> What the task requires
All of the data is to be set down again without alteration.

> Material provided

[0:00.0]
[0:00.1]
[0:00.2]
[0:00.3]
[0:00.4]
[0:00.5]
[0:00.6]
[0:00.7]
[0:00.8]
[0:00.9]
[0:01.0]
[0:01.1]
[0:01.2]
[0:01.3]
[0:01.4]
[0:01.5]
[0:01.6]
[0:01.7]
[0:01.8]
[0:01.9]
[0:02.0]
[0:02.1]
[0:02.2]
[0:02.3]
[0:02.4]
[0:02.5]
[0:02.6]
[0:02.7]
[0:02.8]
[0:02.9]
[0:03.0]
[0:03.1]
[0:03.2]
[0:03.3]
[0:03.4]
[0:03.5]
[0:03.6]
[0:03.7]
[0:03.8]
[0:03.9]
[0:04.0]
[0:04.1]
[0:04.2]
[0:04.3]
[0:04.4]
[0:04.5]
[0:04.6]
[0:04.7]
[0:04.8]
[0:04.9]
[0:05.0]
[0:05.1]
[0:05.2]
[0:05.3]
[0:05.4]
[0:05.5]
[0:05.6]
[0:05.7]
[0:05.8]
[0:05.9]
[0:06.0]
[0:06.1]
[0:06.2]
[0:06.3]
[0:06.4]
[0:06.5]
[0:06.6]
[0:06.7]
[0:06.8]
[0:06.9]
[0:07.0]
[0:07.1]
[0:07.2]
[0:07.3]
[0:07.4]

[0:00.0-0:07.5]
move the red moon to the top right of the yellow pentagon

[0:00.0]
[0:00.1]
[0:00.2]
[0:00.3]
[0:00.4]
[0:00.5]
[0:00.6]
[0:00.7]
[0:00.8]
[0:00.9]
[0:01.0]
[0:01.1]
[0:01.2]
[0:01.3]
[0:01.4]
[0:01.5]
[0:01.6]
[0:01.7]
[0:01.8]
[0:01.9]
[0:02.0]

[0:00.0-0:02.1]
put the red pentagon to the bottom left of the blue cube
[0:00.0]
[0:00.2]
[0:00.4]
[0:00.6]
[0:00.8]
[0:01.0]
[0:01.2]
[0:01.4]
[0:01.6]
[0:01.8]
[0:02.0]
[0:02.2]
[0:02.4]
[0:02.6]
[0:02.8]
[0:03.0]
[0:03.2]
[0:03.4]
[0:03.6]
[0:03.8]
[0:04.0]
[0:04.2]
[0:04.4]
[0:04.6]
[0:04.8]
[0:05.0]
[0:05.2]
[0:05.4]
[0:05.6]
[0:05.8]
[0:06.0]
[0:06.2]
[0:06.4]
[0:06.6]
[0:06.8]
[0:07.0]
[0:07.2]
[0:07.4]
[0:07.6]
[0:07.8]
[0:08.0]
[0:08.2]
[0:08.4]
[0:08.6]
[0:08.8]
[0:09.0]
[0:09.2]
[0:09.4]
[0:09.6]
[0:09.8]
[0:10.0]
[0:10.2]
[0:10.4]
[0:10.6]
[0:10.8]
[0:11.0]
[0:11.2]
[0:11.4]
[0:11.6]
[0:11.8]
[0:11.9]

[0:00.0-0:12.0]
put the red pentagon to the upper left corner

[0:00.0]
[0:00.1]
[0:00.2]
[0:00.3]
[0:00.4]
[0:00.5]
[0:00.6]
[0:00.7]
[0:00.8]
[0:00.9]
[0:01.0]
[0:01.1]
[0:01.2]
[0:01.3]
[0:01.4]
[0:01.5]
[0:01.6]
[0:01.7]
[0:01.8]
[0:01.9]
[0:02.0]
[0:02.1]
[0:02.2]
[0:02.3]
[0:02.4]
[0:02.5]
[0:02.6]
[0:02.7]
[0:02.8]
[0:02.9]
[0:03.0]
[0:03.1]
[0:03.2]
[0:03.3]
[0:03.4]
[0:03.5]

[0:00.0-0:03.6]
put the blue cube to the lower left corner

> Output
[0:00.0]
[0:00.1]
[0:00.2]
[0:00.3]
[0:00.4]
[0:00.5]
[0:00.6]
[0:00.7]
[0:00.8]
[0:00.9]
[0:01.0]
[0:01.1]
[0:01.2]
[0:01.3]
[0:01.4]
[0:01.5]
[0:01.6]
[0:01.7]
[0:01.8]
[0:01.9]
[0:02.0]
[0:02.1]
[0:02.2]
[0:02.3]
[0:02.4]
[0:02.5]
[0:02.6]
[0:02.7]
[0:02.8]
[0:02.9]
[0:03.0]
[0:03.1]
[0:03.2]
[0:03.3]
[0:03.4]
[0:03.5]
[0:03.6]
[0:03.7]
[0:03.8]
[0:03.9]
[0:04.0]
[0:04.1]
[0:04.2]
[0:04.3]
[0:04.4]
[0:04.5]
[0:04.6]
[0:04.7]
[0:04.8]
[0:04.9]
[0:05.0]
[0:05.1]
[0:05.2]
[0:05.3]
[0:05.4]
[0:05.5]
[0:05.6]
[0:05.7]
[0:05.8]
[0:05.9]
[0:06.0]
[0:06.1]
[0:06.2]
[0:06.3]
[0:06.4]
[0:06.5]
[0:06.6]
[0:06.7]
[0:06.8]
[0:06.9]
[0:07.0]
[0:07.1]
[0:07.2]
[0:07.3]
[0:07.4]

[0:00.0-0:07.5]
move the red moon to the top right of the yellow pentagon

[0:00.0]
[0:00.1]
[0:00.2]
[0:00.3]
[0:00.4]
[0:00.5]
[0:00.6]
[0:00.7]
[0:00.8]
[0:00.9]
[0:01.0]
[0:01.1]
[0:01.2]
[0:01.3]
[0:01.4]
[0:01.5]
[0:01.6]
[0:01.7]
[0:01.8]
[0:01.9]
[0:02.0]

[0:00.0-0:02.1]
put the red pentagon to the bottom left of the blue cube
[0:00.0]
[0:00.2]
[0:00.4]
[0:00.6]
[0:00.8]
[0:01.0]
[0:01.2]
[0:01.4]
[0:01.6]
[0:01.8]
[0:02.0]
[0:02.2]
[0:02.4]
[0:02.6]
[0:02.8]
[0:03.0]
[0:03.2]
[0:03.4]
[0:03.6]
[0:03.8]
[0:04.0]
[0:04.2]
[0:04.4]
[0:04.6]
[0:04.8]
[0:05.0]
[0:05.2]
[0:05.4]
[0:05.6]
[0:05.8]
[0:06.0]
[0:06.2]
[0:06.4]
[0:06.6]
[0:06.8]
[0:07.0]
[0:07.2]
[0:07.4]
[0:07.6]
[0:07.8]
[0:08.0]
[0:08.2]
[0:08.4]
[0:08.6]
[0:08.8]
[0:09.0]
[0:09.2]
[0:09.4]
[0:09.6]
[0:09.8]
[0:10.0]
[0:10.2]
[0:10.4]
[0:10.6]
[0:10.8]
[0:11.0]
[0:11.2]
[0:11.4]
[0:11.6]
[0:11.8]
[0:11.9]

[0:00.0-0:12.0]
put the red pentagon to the upper left corner

[0:00.0]
[0:00.1]
[0:00.2]
[0:00.3]
[0:00.4]
[0:00.5]
[0:00.6]
[0:00.7]
[0:00.8]
[0:00.9]
[0:01.0]
[0:01.1]
[0:01.2]
[0:01.3]
[0:01.4]
[0:01.5]
[0:01.6]
[0:01.7]
[0:01.8]
[0:01.9]
[0:02.0]
[0:02.1]
[0:02.2]
[0:02.3]
[0:02.4]
[0:02.5]
[0:02.6]
[0:02.7]
[0:02.8]
[0:02.9]
[0:03.0]
[0:03.1]
[0:03.2]
[0:03.3]
[0:03.4]
[0:03.5]

[0:00.0-0:03.6]
put the blue cube to the lower left corner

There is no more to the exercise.